The Judgement of the Contentious-Administrative Central Court No. I, of July 2, 2018 recognizes locus standi to defend the data exclusivity of the registration dossier

Jordi Faus

Capsulas Nº 192


Can holders of reference medicinal products appeal against the approval of generics? Can such holders ask the Spanish Medicines Agency (AEMPS) or a Court in Spain to review the grant of a marketing authorization if they consider that there has been any violation of any regulation? This has been one of the most troublesome issues for many companies in recent years. In Spain, the Law governing the Administrative Court Proceedings states that any person or entity having a legitimate right or interest is entitled to appeal administrative decisions. At first glance, it seems that the holder of the reference medicinal product has a legitimate right or interest to prevent irregularities from occurring in the authorization procedure of generic medicinal products.

Traditional case law contrary to locus standi

However, for many years, Spanish Courts have denied the holders of reference medicinal products their right to challenge decisions granting marketing authorization for generic products. In the first cases dealing with this issue, judges understood that the holders of reference medicinal products were claiming that the authorization of generic medicinal products was an infringement of their patent rights. Based on this, several judgements stated that the legitimate interest to prevent a patent infringement could be defended in a civil suit against the alleged infringer; and that it was not possible to file Court appeals against the health administration, which should remain separate from industrial property rights related matters. Traditionally, AEMPS has relied on such caselaw to deny innovative companies their right to appeal against the its decisions approving generics.

Later on, in other cases, Spanish judges pointed out that having a marketing authorization is only a condition to place a product on the market, and that whether the holder of such authorization launches the product or not is the holder’s own decision. On this basis, several judgments ruled that the damages that an innovator could suffer as a result of the appearance of generic medicinal products on the market would derive not from the decision of the authorities approving such generics, but from the decision to launch them, which was taken by the holder. Back then, this argument was used by Administrative Courts to decline their own jurisdiction, arguing that this was without prejudice of the innovator’s right to initiate a civil case against the generic company.

Olainfarm Case

In 2014, the Court of Justice of the European Union (CJEU) issued an important judgement on this matter (Case C-104/13, Olainfarm).

According to the Olainfarm decision, the administrative procedure by which the authorization of a generic medicinal product is granted or not is a bilateral procedure in which the holder of the reference medicinal product may not be involved.

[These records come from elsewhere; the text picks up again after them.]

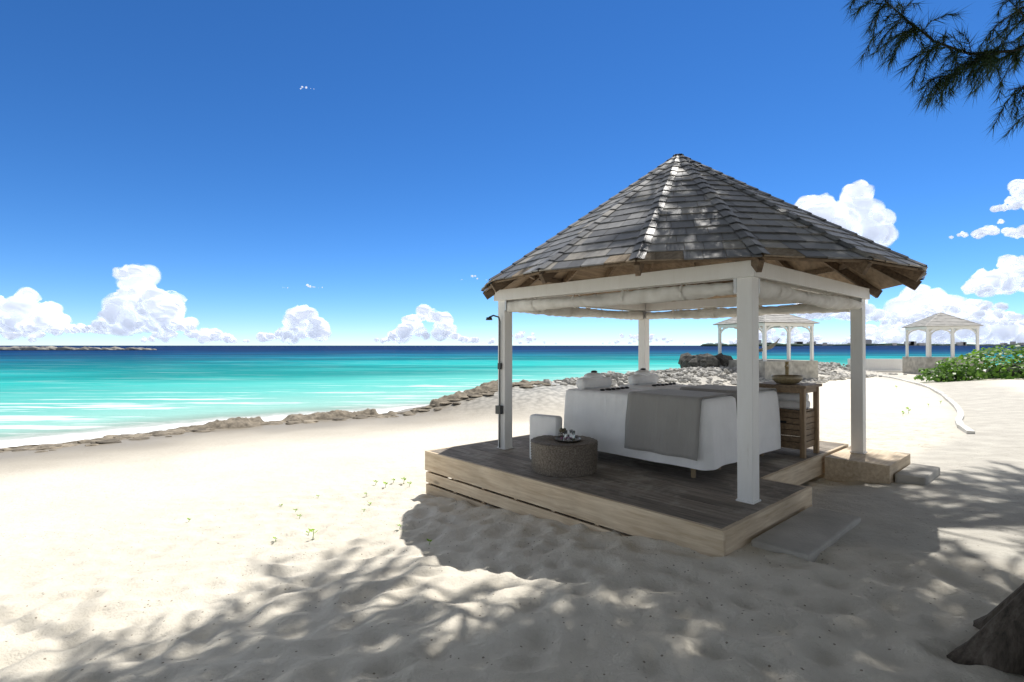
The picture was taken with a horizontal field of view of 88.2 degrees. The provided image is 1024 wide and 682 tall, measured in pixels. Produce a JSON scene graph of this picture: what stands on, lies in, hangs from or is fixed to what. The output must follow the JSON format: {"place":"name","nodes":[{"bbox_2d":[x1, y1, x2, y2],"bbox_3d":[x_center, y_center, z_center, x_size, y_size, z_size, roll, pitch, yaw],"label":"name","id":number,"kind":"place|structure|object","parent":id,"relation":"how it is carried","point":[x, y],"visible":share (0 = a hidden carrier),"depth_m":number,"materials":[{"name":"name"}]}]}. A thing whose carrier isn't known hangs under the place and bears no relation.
{"place":"outdoors","nodes":[
{"label":"outdoors","id":0,"kind":"place"},
{"bbox_2d":[0,331,44,342],"bbox_3d":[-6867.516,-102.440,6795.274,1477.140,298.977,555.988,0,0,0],"label":"cloud","id":1,"kind":"structure","parent":0,"point":[11,335],"depth_m":6743.80,"materials":[{"name":"white"}]},
{"bbox_2d":[0,288,107,335],"bbox_3d":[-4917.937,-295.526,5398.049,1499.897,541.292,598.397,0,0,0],"label":"cloud","id":2,"kind":"structure","parent":0,"point":[22,310],"depth_m":5239.54,"materials":[{"name":"white"}]},
{"bbox_2d":[73,265,198,335],"bbox_3d":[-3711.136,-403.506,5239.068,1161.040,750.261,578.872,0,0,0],"label":"cloud","id":3,"kind":"structure","parent":0,"point":[138,301],"depth_m":5053.69,"materials":[{"name":"white"}]},
{"bbox_2d":[140,328,249,343],"bbox_3d":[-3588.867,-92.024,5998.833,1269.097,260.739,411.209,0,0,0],"label":"cloud","id":4,"kind":"structure","parent":0,"point":[205,335],"depth_m":5891.90,"materials":[{"name":"white"}]},
{"bbox_2d":[256,305,330,343],"bbox_3d":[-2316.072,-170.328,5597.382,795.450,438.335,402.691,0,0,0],"label":"cloud","id":5,"kind":"structure","parent":0,"point":[302,321],"depth_m":5513.77,"materials":[{"name":"white"}]},
{"bbox_2d":[374,305,479,343],"bbox_3d":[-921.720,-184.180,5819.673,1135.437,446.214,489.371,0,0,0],"label":"cloud","id":6,"kind":"structure","parent":0,"point":[412,324],"depth_m":5709.28,"materials":[{"name":"white"}]},
{"bbox_2d":[0,346,1022,447],"bbox_3d":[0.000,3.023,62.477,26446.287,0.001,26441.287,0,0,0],"label":"sea water","id":7,"kind":"structure","parent":0,"point":[54,396],"depth_m":42.48,"materials":[{"name":"teal liquid"}]},
{"bbox_2d":[0,346,156,349],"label":"breakwater rocks","id":8,"kind":"object","parent":7,"relation":"in","point":[50,348],"visible":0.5,"depth_m":275.15,"materials":[{"name":"grey stone"}]},
{"bbox_2d":[0,366,1023,681],"bbox_3d":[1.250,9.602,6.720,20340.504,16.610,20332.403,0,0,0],"label":"beach ground","id":9,"kind":"structure","parent":0,"point":[116,564],"depth_m":4.37,"materials":[{"name":"beige sand"}]},
{"bbox_2d":[0,379,550,452],"bbox_3d":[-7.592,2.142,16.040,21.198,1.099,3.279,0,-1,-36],"label":"shoreline rocks","id":10,"kind":"object","parent":9,"relation":"on","point":[106,439],"visible":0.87,"depth_m":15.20,"materials":[{"name":"grey stone"}]},
{"bbox_2d":[187,385,940,544],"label":"beach plants","id":11,"kind":"object","parent":9,"relation":"on","point":[311,530],"visible":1,"depth_m":7.16,"materials":[{"name":"green plant"}]},
{"bbox_2d":[425,153,939,561],"bbox_3d":[2.428,-0.143,7.570,5.724,5.113,5.815,0,-1,-42],"label":"gazebo","id":12,"kind":"object","parent":9,"relation":"on","point":[716,470],"visible":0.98,"depth_m":6.08,"materials":[{"name":"grey wood"}]},
{"bbox_2d":[678,352,732,367],"bbox_3d":[13.712,1.646,37.254,3.340,1.661,3.598,0,0,0],"label":"boulder","id":13,"kind":"object","parent":9,"relation":"on","point":[687,359],"visible":0.69,"depth_m":36.02,"materials":[{"name":"grey stone"}]},
{"bbox_2d":[537,362,906,386],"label":"rocks","id":14,"kind":"object","parent":9,"relation":"on","point":[707,372],"visible":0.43,"depth_m":31.07,"materials":[{"name":"grey stone"}]},
{"bbox_2d":[713,314,818,379],"bbox_3d":[17.200,0.291,35.999,4.757,5.221,4.757,0,-1,-20],"label":"gazebo","id":15,"kind":"object","parent":9,"relation":"on","point":[806,369],"visible":0.66,"depth_m":34.20,"materials":[{"name":"white paint"}]},
{"bbox_2d":[848,359,901,372],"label":"low wall","id":16,"kind":"structure","parent":9,"relation":"on","point":[887,365],"depth_m":47.75,"materials":[{"name":"paint"}]},
{"bbox_2d":[879,375,974,433],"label":"path kerb stones","id":17,"kind":"object","parent":9,"relation":"on","point":[960,425],"visible":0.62,"depth_m":15.83,"materials":[{"name":"white stone"}]},
{"bbox_2d":[902,312,983,373],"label":"gazebo","id":18,"kind":"object","parent":9,"relation":"on","point":[937,322],"visible":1,"depth_m":41.35,"materials":[{"name":"white paint"}]},
{"bbox_2d":[914,343,1023,381],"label":"sea grape shrub","id":19,"kind":"object","parent":9,"relation":"on","point":[975,372],"depth_m":27.39,"materials":[{"name":"green plant"}]},
{"bbox_2d":[946,583,1023,675],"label":"casuarina tree","id":20,"kind":"object","parent":9,"relation":"on","point":[996,641],"visible":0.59,"depth_m":2.75,"materials":[{"name":"brown plant"}]},
{"bbox_2d":[0,0,1023,345],"label":"sky","id":21,"kind":"structure","parent":0,"point":[431,146],"materials":[{"name":"blue"}]},
{"bbox_2d":[488,331,556,344],"bbox_3d":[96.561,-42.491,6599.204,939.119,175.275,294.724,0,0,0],"label":"cloud","id":22,"kind":"structure","parent":0,"point":[520,334],"depth_m":6610.33,"materials":[{"name":"white"}]},
{"bbox_2d":[602,333,684,343],"bbox_3d":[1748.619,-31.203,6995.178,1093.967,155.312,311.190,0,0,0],"label":"cloud","id":23,"kind":"structure","parent":0,"point":[651,337],"depth_m":6958.44,"materials":[{"name":"white"}]},
{"bbox_2d":[706,328,806,343],"bbox_3d":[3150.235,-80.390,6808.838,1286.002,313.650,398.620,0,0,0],"label":"cloud","id":24,"kind":"structure","parent":0,"point":[783,333],"depth_m":6726.24,"materials":[{"name":"white"}]},
{"bbox_2d":[729,327,822,343],"bbox_3d":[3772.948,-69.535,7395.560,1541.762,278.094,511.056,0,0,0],"label":"cloud","id":25,"kind":"structure","parent":0,"point":[806,335],"depth_m":7204.73,"materials":[{"name":"white"}]},
{"bbox_2d":[794,180,896,245],"bbox_3d":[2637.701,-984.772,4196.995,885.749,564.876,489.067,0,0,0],"label":"cloud","id":26,"kind":"structure","parent":0,"point":[857,209],"depth_m":4052.70,"materials":[{"name":"white"}]},
{"bbox_2d":[796,300,903,321],"bbox_3d":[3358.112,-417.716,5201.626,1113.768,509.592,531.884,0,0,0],"label":"cloud","id":27,"kind":"structure","parent":0,"point":[872,313],"depth_m":5052.77,"materials":[{"name":"white"}]},
{"bbox_2d":[821,324,947,343],"bbox_3d":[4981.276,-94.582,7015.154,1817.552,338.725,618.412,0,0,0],"label":"cloud","id":28,"kind":"structure","parent":0,"point":[871,329],"depth_m":6917.77,"materials":[{"name":"white"}]},
{"bbox_2d":[816,345,1023,345],"bbox_3d":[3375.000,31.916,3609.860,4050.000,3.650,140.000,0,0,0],"label":"distant island land","id":29,"kind":"structure","parent":0,"point":[931,345],"depth_m":3539.87,"materials":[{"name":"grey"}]},
{"bbox_2d":[700,343,802,345],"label":"cay trees","id":30,"kind":"object","parent":29,"relation":"on","point":[760,344],"visible":0.23,"depth_m":1486.10,"materials":[{"name":"green plant"}]},
{"bbox_2d":[759,340,1023,344],"bbox_3d":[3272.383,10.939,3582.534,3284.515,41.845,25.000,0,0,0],"label":"distant island buildings","id":31,"kind":"structure","parent":29,"relation":"on","point":[914,342],"depth_m":3570.04,"materials":[{"name":"grey"}]},
{"bbox_2d":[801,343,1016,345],"bbox_3d":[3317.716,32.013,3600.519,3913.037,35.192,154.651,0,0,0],"label":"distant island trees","id":32,"kind":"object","parent":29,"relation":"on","point":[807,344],"visible":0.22,"depth_m":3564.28,"materials":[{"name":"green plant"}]},
{"bbox_2d":[841,0,1023,142],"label":"casuarina","id":33,"kind":"object","parent":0,"point":[987,64],"depth_m":4.37,"materials":[{"name":"green plant"}]},
{"bbox_2d":[866,285,1023,343],"bbox_3d":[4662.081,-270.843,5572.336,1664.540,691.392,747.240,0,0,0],"label":"cloud","id":34,"kind":"structure","parent":0,"point":[908,300],"depth_m":5409.96,"materials":[{"name":"white"}]},
{"bbox_2d":[880,300,1023,324],"bbox_3d":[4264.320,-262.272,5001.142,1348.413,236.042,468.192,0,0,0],"label":"cloud","id":35,"kind":"structure","parent":0,"point":[974,314],"depth_m":4903.58,"materials":[{"name":"white"}]},
{"bbox_2d":[949,219,1023,238],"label":"cloud","id":36,"kind":"structure","parent":0,"point":[1018,232],"depth_m":4406.43,"materials":[{"name":"white"}]},
{"bbox_2d":[961,255,1023,296],"bbox_3d":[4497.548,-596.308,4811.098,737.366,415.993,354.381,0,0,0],"label":"cloud","id":37,"kind":"structure","parent":0,"point":[1007,277],"depth_m":4724.58,"materials":[{"name":"white"}]},
{"bbox_2d":[990,179,1023,211],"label":"cloud","id":38,"kind":"structure","parent":0,"point":[1015,201],"depth_m":3990.76,"materials":[{"name":"white"}]}
]}

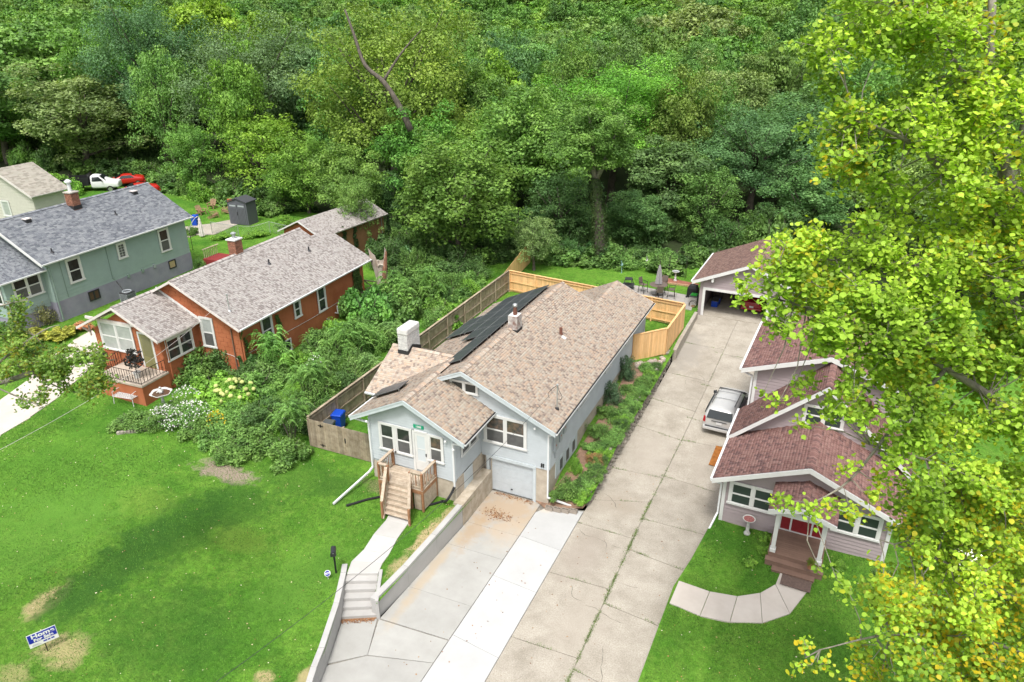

However, the CJEU added that the holder of the reference medicinal product has the right to require a Court of Law to revise whether the conditions foreseen for the approval of generics have been fulfilled or not, at least in connection with issues that concern the innovator. Otherwise the Charter of Fundamental Rights of the European Union would be violated, because such Charter provides that any person whose rights guaranteed by European Union law are violated must have the right to an effective remedy before Courts. Based on this, the CJEU concluded that the holder of the reference medicinal product should be allowed to file a judicial remedy aiming to review if such product could be considered as the reference product; if the composition and pharmaceutical form similarity requirements between the reference product and the generic have been met; or if the applicable data exclusivity period has been observed.

Spanish caselaw shift

In this case, our firm represented the holder of the reference medicinal product. We explained to the Court the need to analyze the matter in the light of the Olainfarm Judgment and, thus, to allow our client to exercise the right to effective judicial protection.

To our knowledge, this is the first Judgement issued by a Spanish Court stating that locus standi of the holder of the marketing authorization of a medicinal product, in order to obtain judicial protection regarding the prerogatives contained in Article 10 of Directive (2001/83/EC) should be recognized.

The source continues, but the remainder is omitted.